- _Task to complete_
A faithful copy of the data, pictures omitted, is the required answer.

-------- Entries supplied

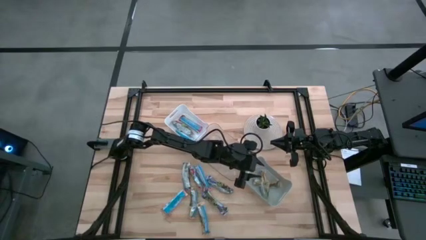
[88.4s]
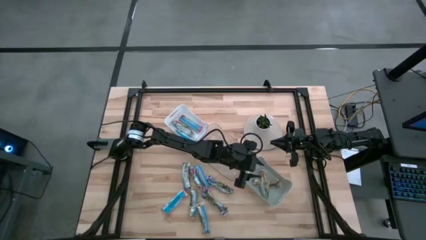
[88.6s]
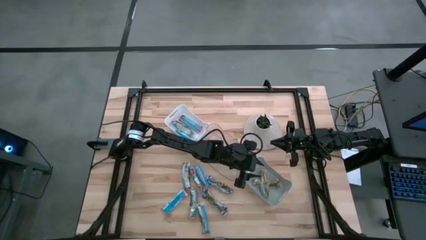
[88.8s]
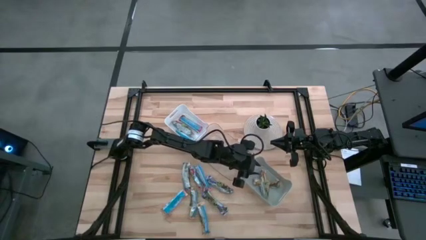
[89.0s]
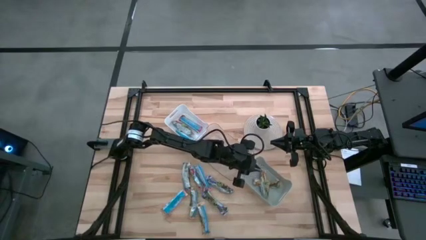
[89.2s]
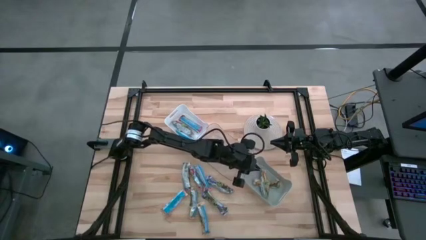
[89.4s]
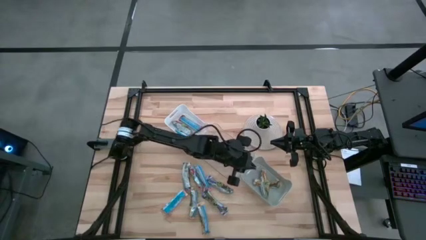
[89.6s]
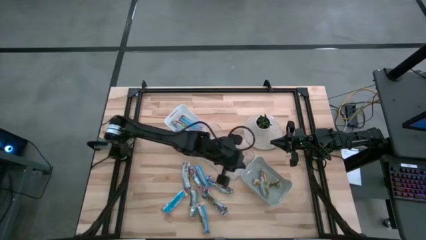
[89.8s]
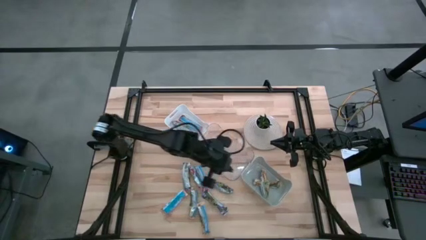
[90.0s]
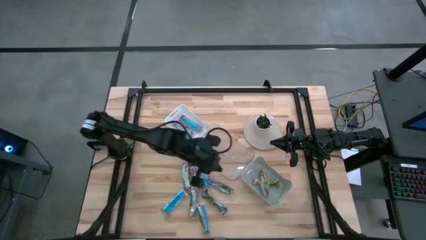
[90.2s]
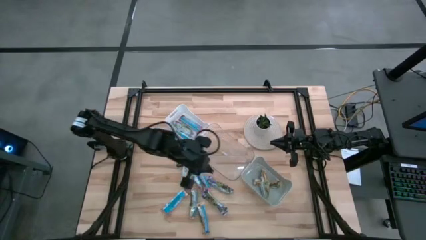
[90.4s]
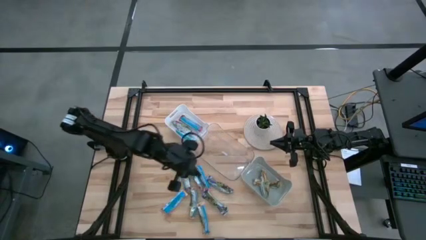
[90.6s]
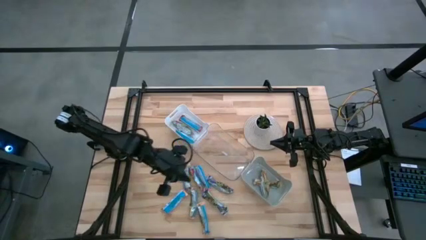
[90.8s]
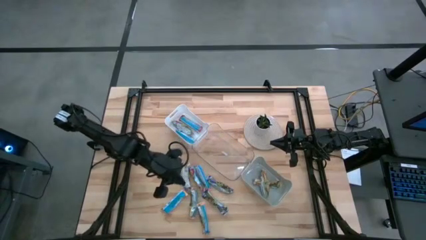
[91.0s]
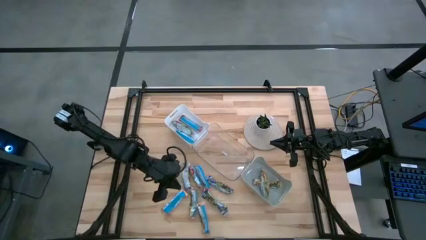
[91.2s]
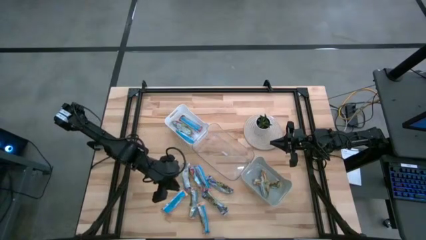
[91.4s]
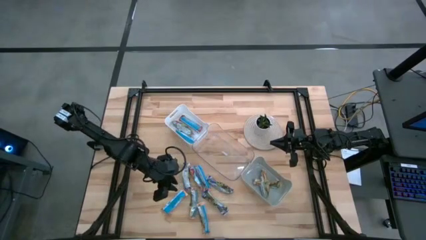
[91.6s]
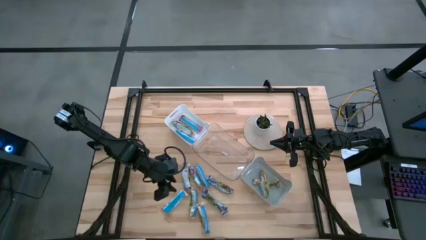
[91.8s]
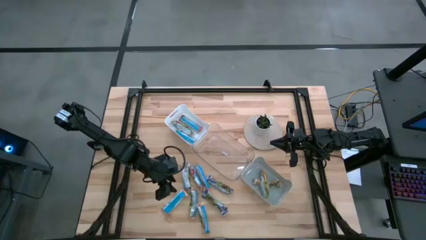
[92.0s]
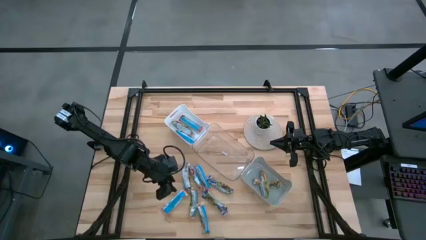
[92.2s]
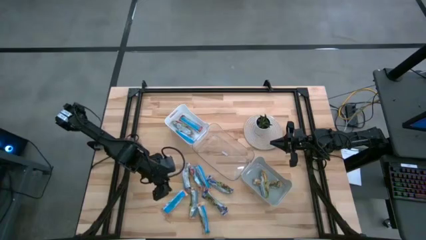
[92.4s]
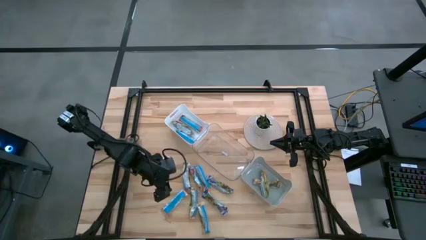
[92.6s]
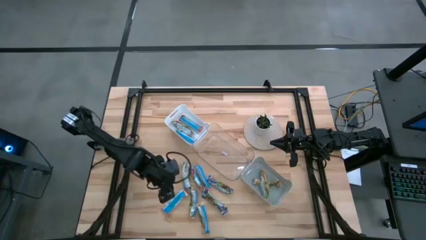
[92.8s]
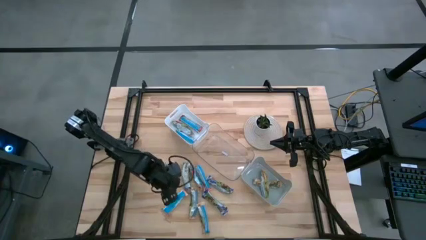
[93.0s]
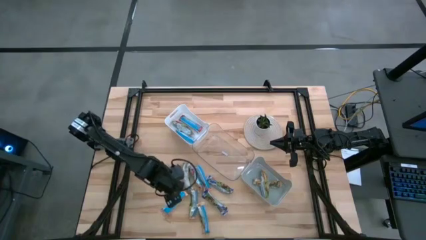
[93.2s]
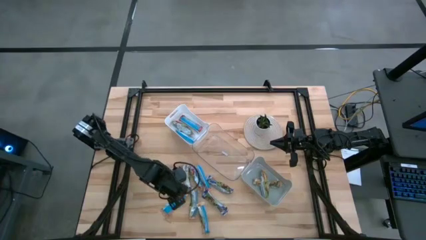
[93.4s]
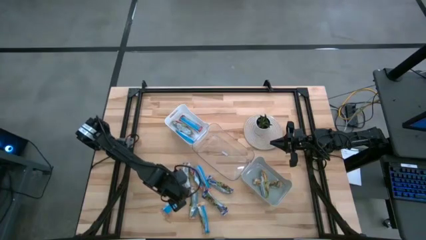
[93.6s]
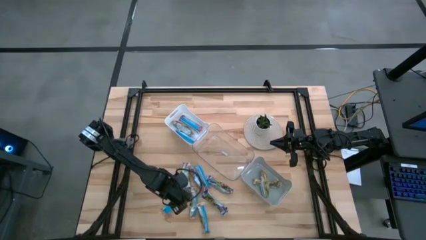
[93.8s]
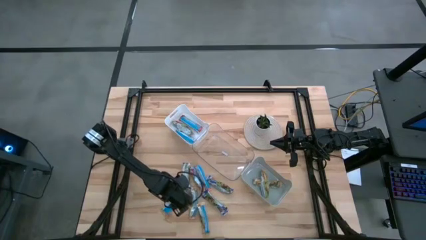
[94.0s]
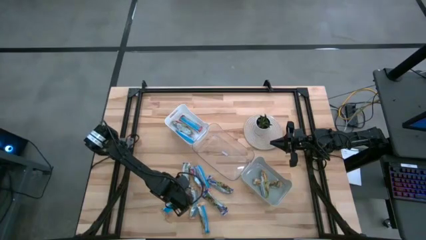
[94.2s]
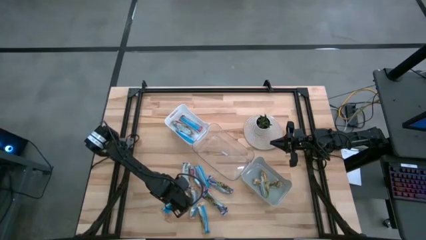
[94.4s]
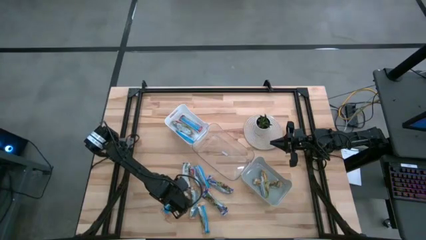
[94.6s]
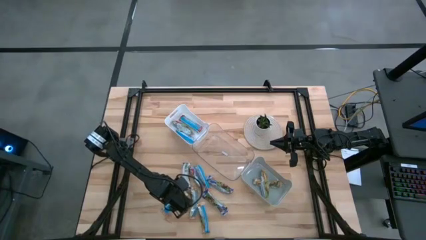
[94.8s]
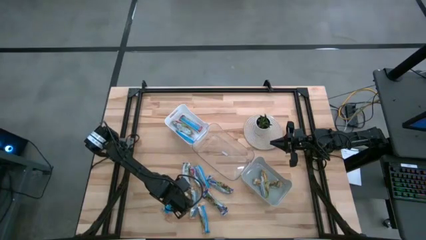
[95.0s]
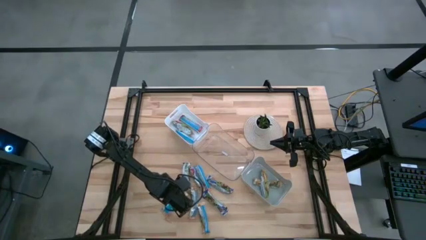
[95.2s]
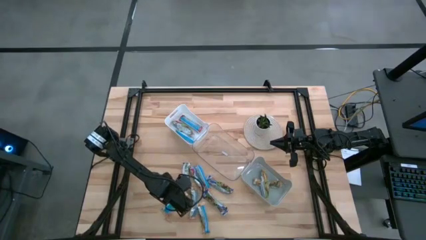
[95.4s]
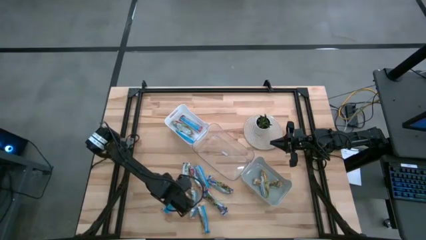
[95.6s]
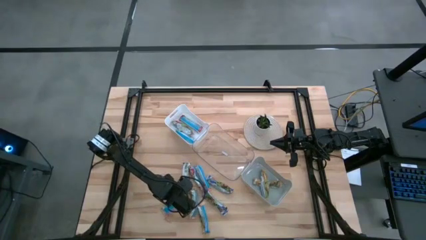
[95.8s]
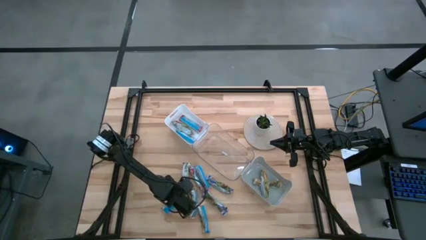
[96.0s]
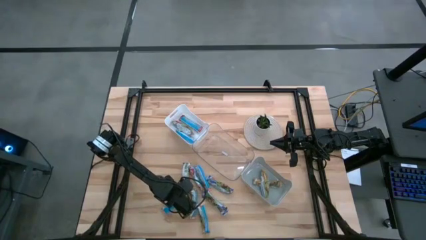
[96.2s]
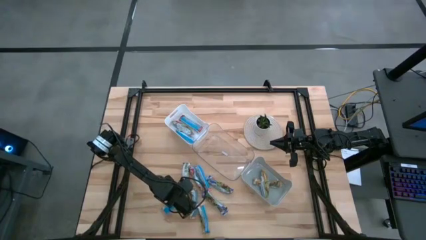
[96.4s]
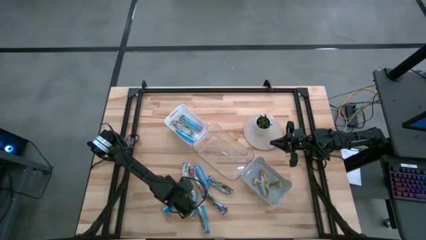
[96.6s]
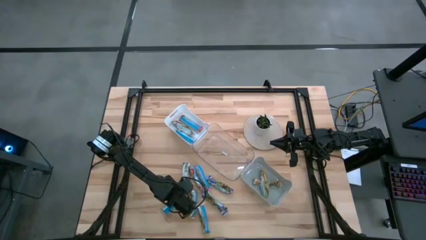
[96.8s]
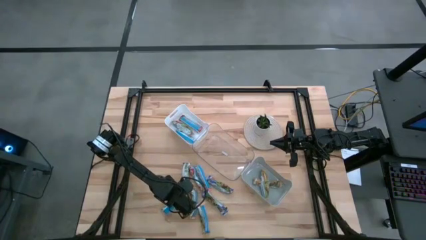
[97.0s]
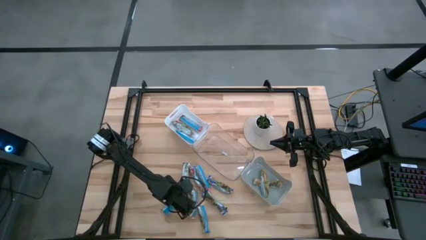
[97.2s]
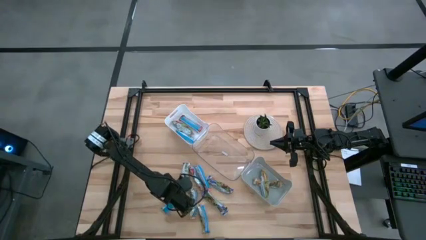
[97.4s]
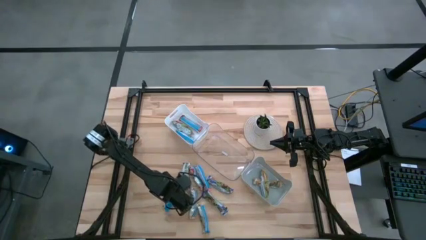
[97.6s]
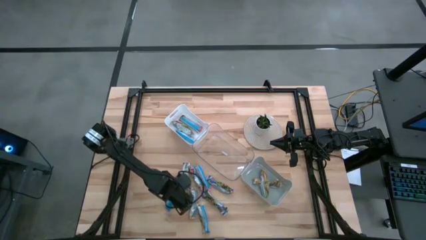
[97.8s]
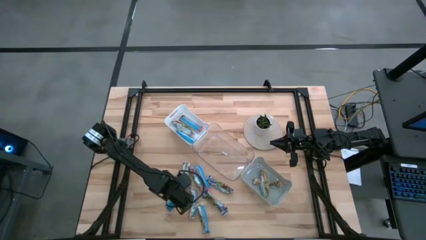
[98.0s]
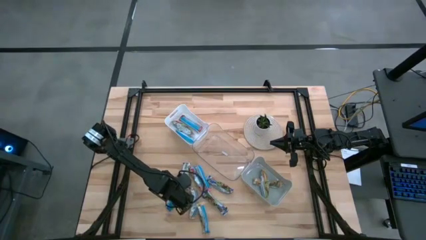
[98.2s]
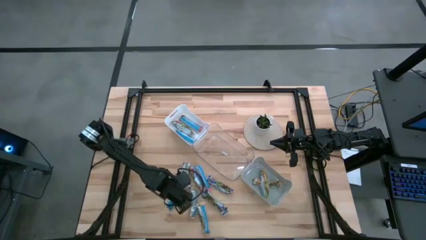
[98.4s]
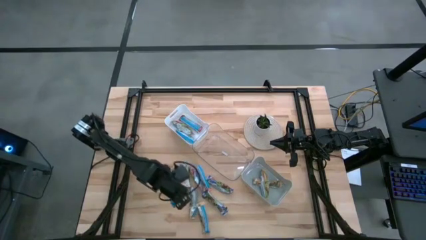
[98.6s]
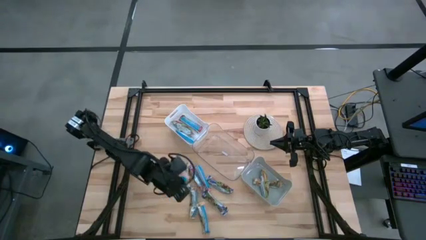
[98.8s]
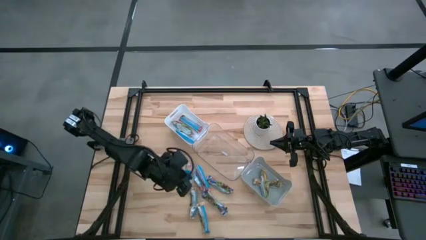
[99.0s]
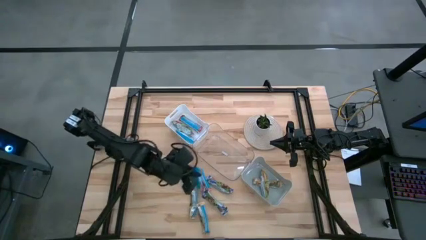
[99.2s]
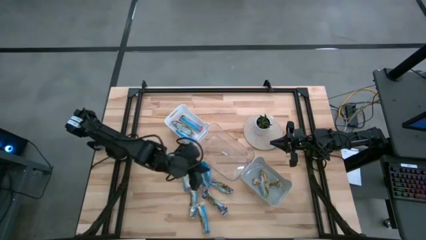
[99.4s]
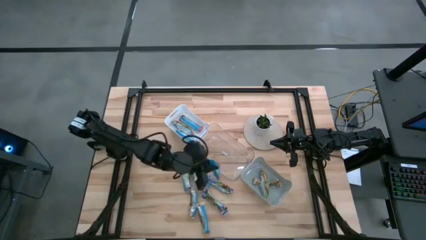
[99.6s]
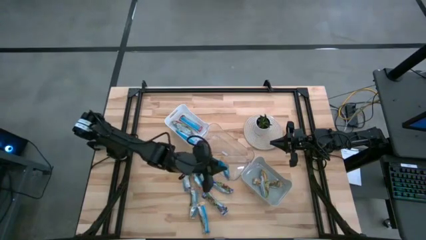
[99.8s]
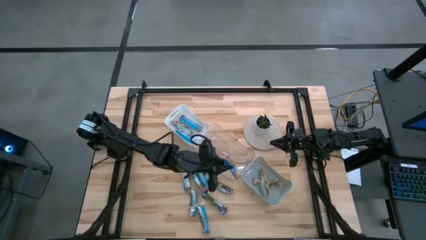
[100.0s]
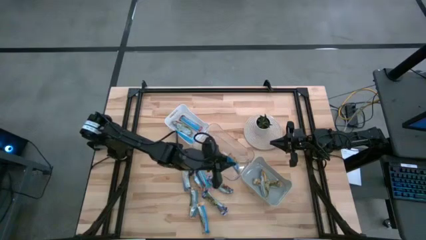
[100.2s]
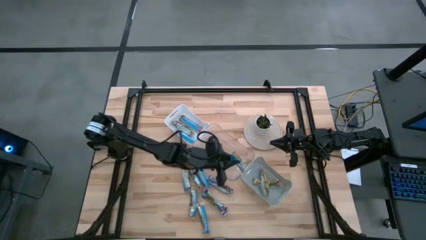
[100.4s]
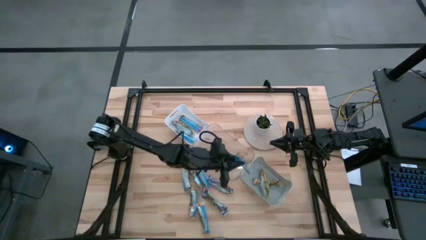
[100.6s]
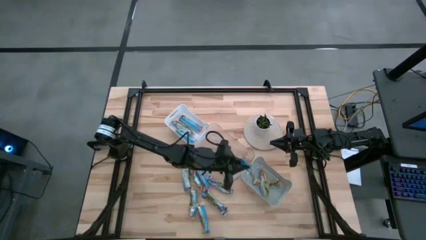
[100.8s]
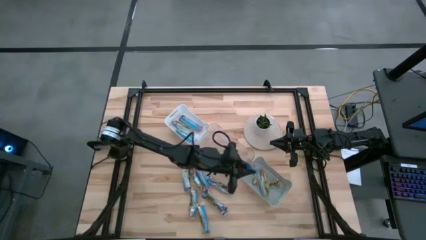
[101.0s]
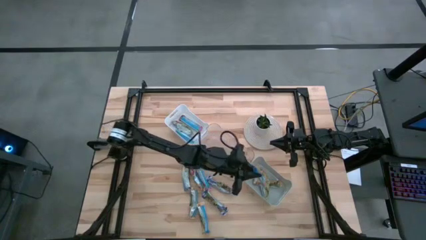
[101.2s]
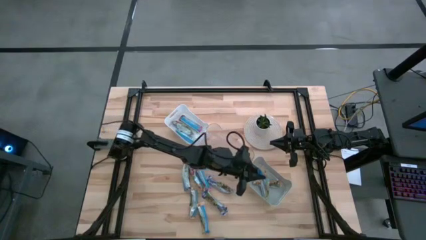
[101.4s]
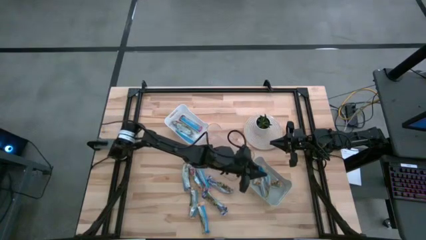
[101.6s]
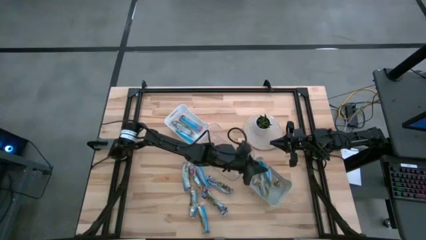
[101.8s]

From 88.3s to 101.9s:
Task: Pick and place Granola Bars by type
Put the orange granola bar into the gray bin

----------------

- _Solved exercise_
[88.4s]
[88.6s]
[88.8s]
[89.0s]
[89.2s]
[89.4s]
[89.6s]
[89.8s]
[90.0s]
[90.2s]
[90.4s]
[90.6s]
[90.8s]
[91.0s]
[91.2s]
[91.4s]
[91.6s]
[91.8s]
[92.0s]
[92.2s]
[92.4s]
[92.6s]
[92.8s]
[93.0s]
[93.2s]
[93.4s]
[93.6s]
[93.8s]
[94.0s]
[94.2s]
[94.4s]
[94.6s]
[94.8s]
[95.0s]
[95.2s]
[95.4s]
[95.6s]
[95.8s]
[96.0s]
[96.2s]
[96.4s]
[96.6s]
[96.8s]
[97.0s]
[97.2s]
[97.4s]
[97.6s]
[97.8s]
[98.0s]
[98.2s]
[98.4s]
[98.6s]
[98.8s]
[99.0s]
[99.2s]
[99.4s]
[99.6s]
[99.8s]
[100.0s]
[100.2s]
[100.4s]
[100.6s]
[100.8s]
[101.0s]
[101.2s]
[101.4s]
[101.6s]
[101.8s]

From 88.3s to 101.9s:
Task: Pick and place Granola Bars by type
Put the orange granola bar into the gray bin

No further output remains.